Priscila Cruz –  Eu acho que é mais uma peça, uma peça muito importante, que eu vejo que cada vez mais a gente tem que ter outras iniciativas dessa pelo país para a gente, o tempo inteiro, como sociedade, sermos atores influentes, relevantes, nessa construção. Conhecimento, trazer novas perspectivas, levar debate para a população. Elevar a qualidade do debate público no país é uma estratégia fundamental. Eu acho que vocês estão fazendo um trabalho muito importante para o país. O que não dá é a gente ficar nesse mar de desinformação, de fake news, de anticiência, da gente não levar em conta aquilo que é dado, aquilo que é informação concreta e real.  A gente precisa realmente levar isso para a população. Existe essa onda de fake news, existe uma onda de destruição das bases da democracia que a gente precisa combater. Eu tenho certeza que a população brasileira não quer viver num país antidemocrático, tenho certeza. Mas muitas vezes essa população, por não conseguir diferenciar aquilo que é o real da opinião, daquilo que é fake news daquilo que é fato, acaba sendo levada por uma onda que pode fazer com que o Brasil se enfraqueça nessa área da democracia.
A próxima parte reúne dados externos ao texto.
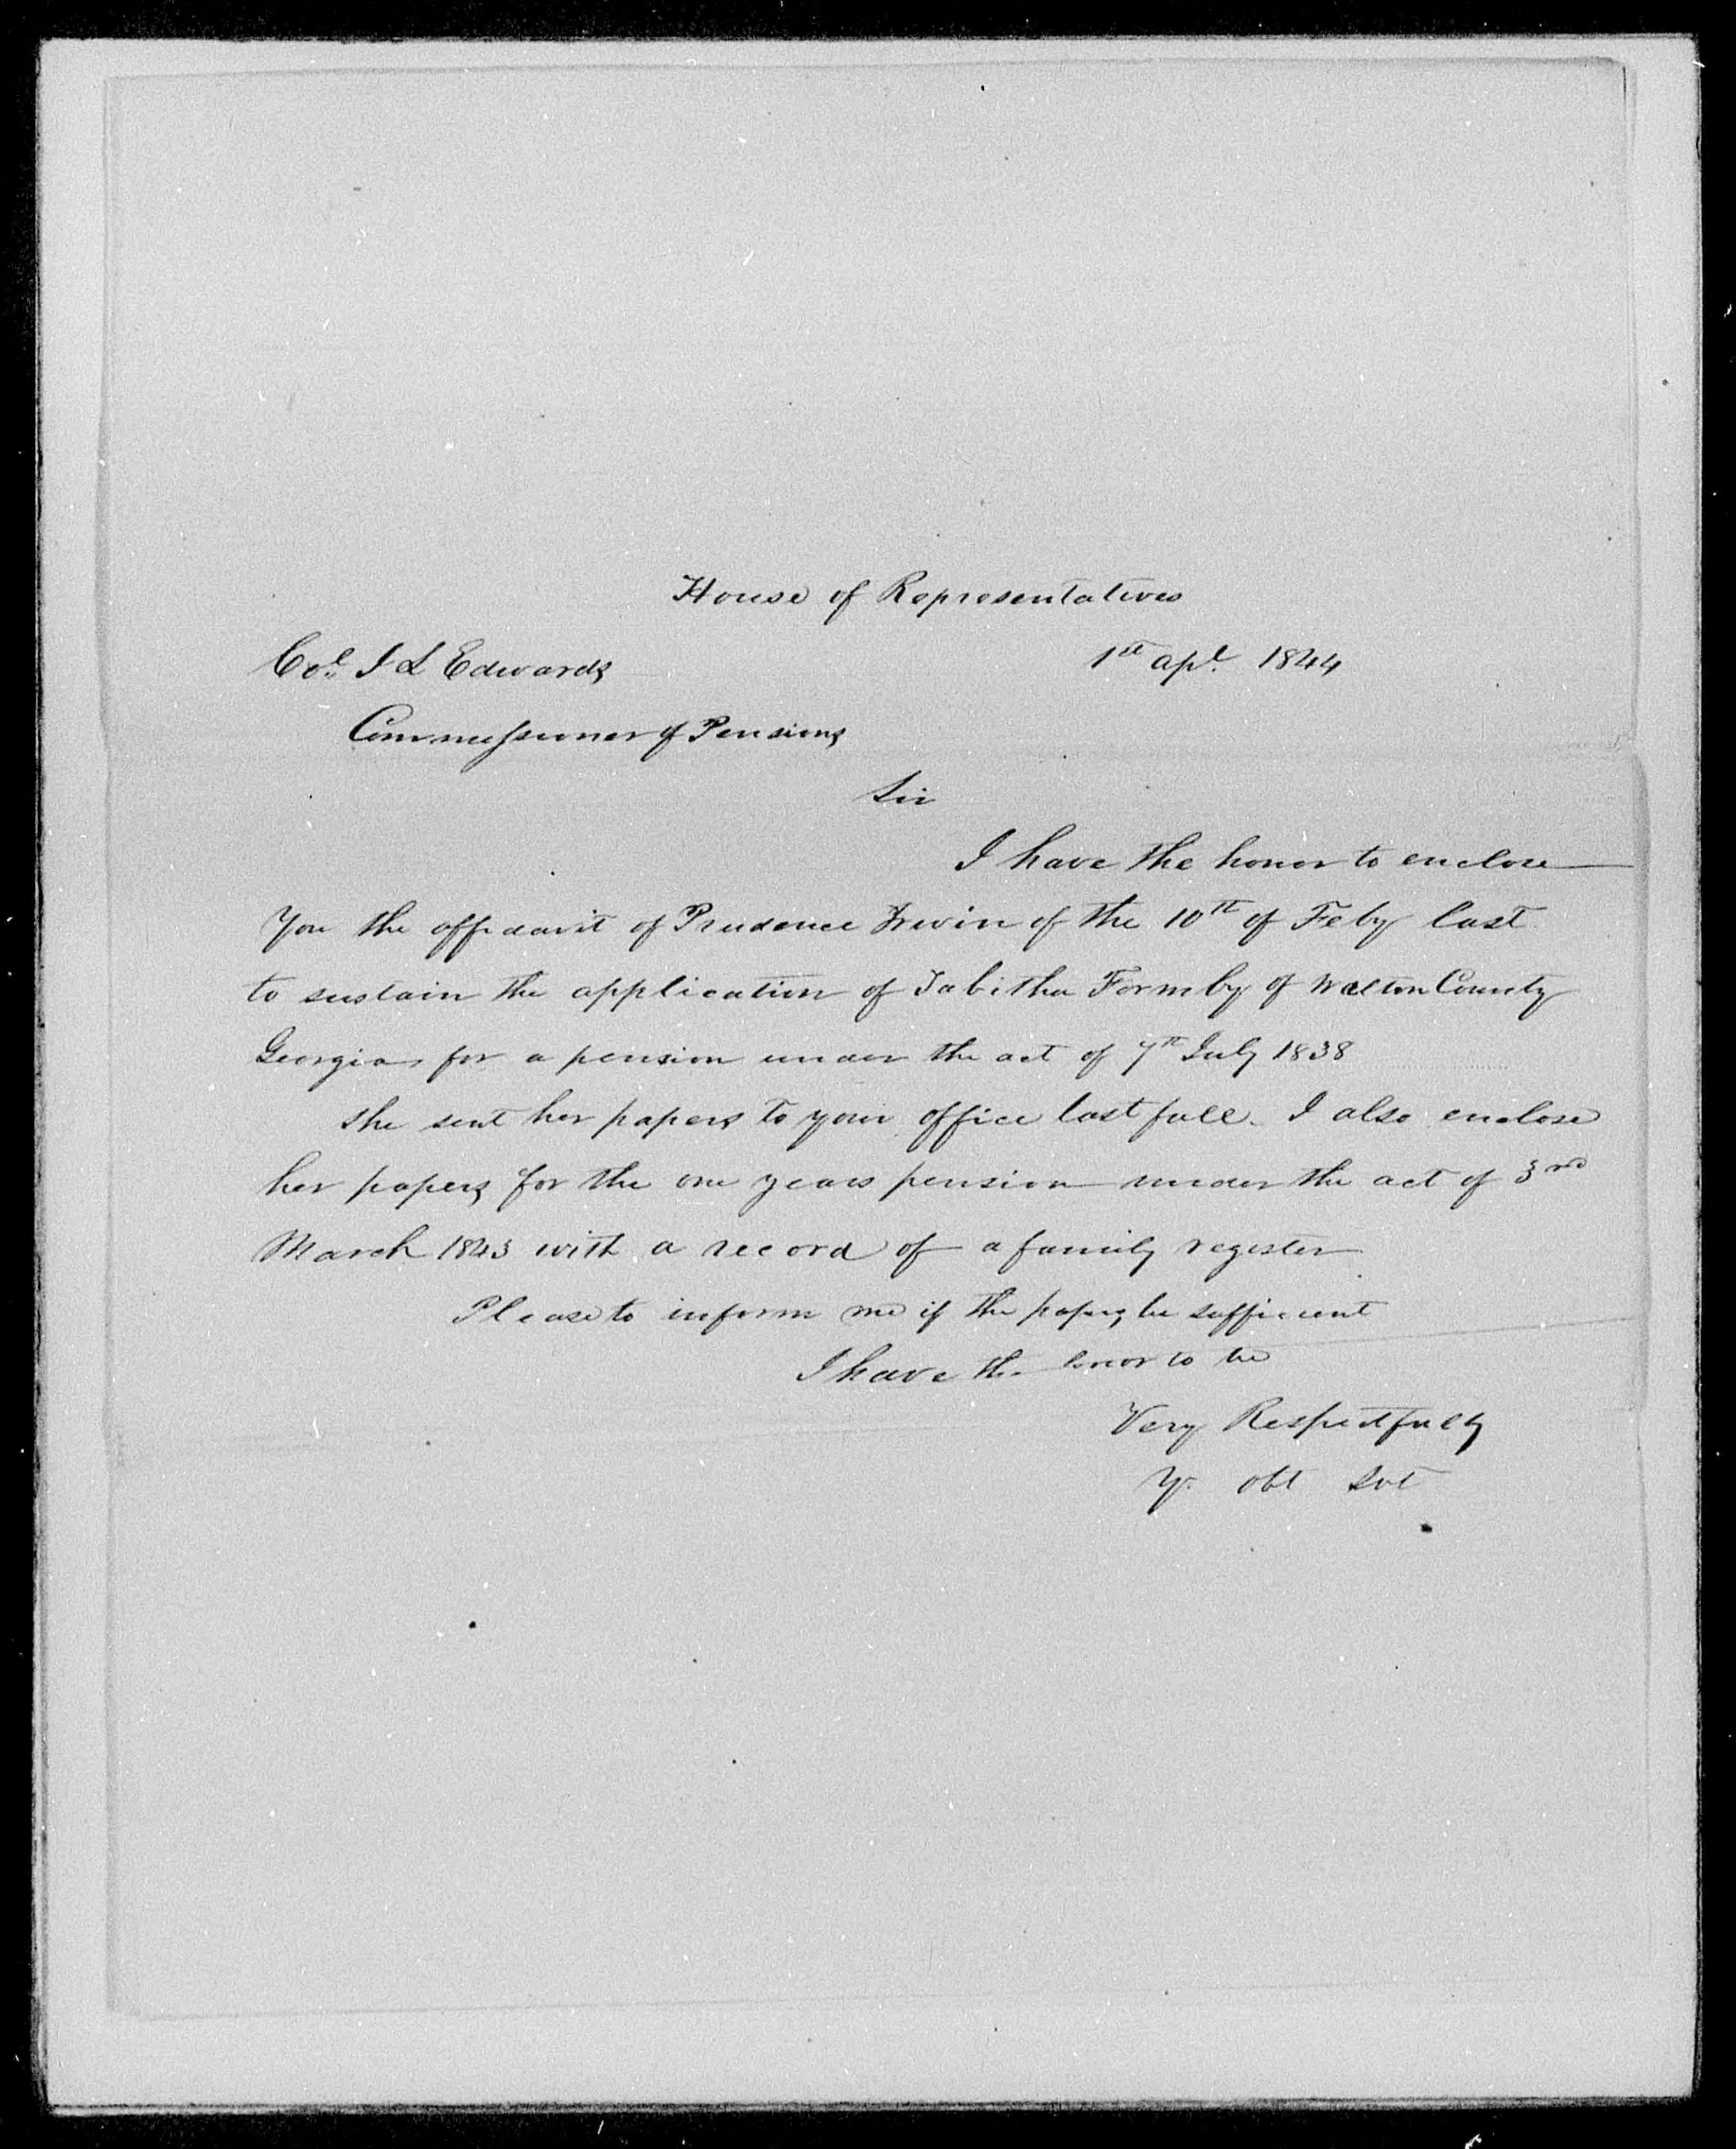House of Representatives
1st Apl. 1844

Col. J L Edwards
Commissioner of Pensions

Sir
I have the honor to enclose you the affidavit of Prudence Irwin of the 10th of Feby last to sustain the application of Tabitha Formby of Walton County Georgia for a pension under the act of 7th July 1838

she sent her papers to your office last fall. I also enclose her papers for the one years pension under the act of 3rd March 1843 with a record of a family register

Please to inform me if the papers be sufficient

I have the honor to be
Very Respectfully
Yr. obt svt
[unsigned]

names: J L Edwards, Prudence Irwin
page: 27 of 54
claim: widow's
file: W. 3794, Nathan Formby, Va.

E isso vai ter repercussões na educação. Então, não é só a educação que fortalece a democracia, a democracia fortalece a educação. É nesse país democrático em que você pode cobrar do gestor público ações efetivas para educação, sem medo de represálias, é esse o país que a gente tem que viver. Então, acho que iniciativas como o I.AM Democracia e tantas outras, precisam se juntar. A gente precisa se fortalecer, a gente tem que criar agendas conjuntas, porque no fundo, no fundo, não são áreas separadas. Não tem aqui o Todos Pela Educação cuidando de educação e vocês cuidando de democracia, estamos todos juntos.

Allan Menengoti – Com uma mesma bandeira.

Priscila Cruz – É. A bandeira é, no final das contas, melhorar Brasil. O que a gente quer é um pais maior, melhor e mais justo. É o que todo mundo quer, é o que você quer, é o que eu quero, é o que quem cuida da saúde quer, quem está na área de segurança pública quer. Mas a gente precisa costurar esse tecido de várias iniciativas da sociedade e fortalecer, adensar a sociedade brasileira, porque é dessa sociedade que vai sair governos democráticos. Uma sociedade antidemocrática gera governos antidemocráticos. Então a gente precisa fortalecer a democracia na sociedade.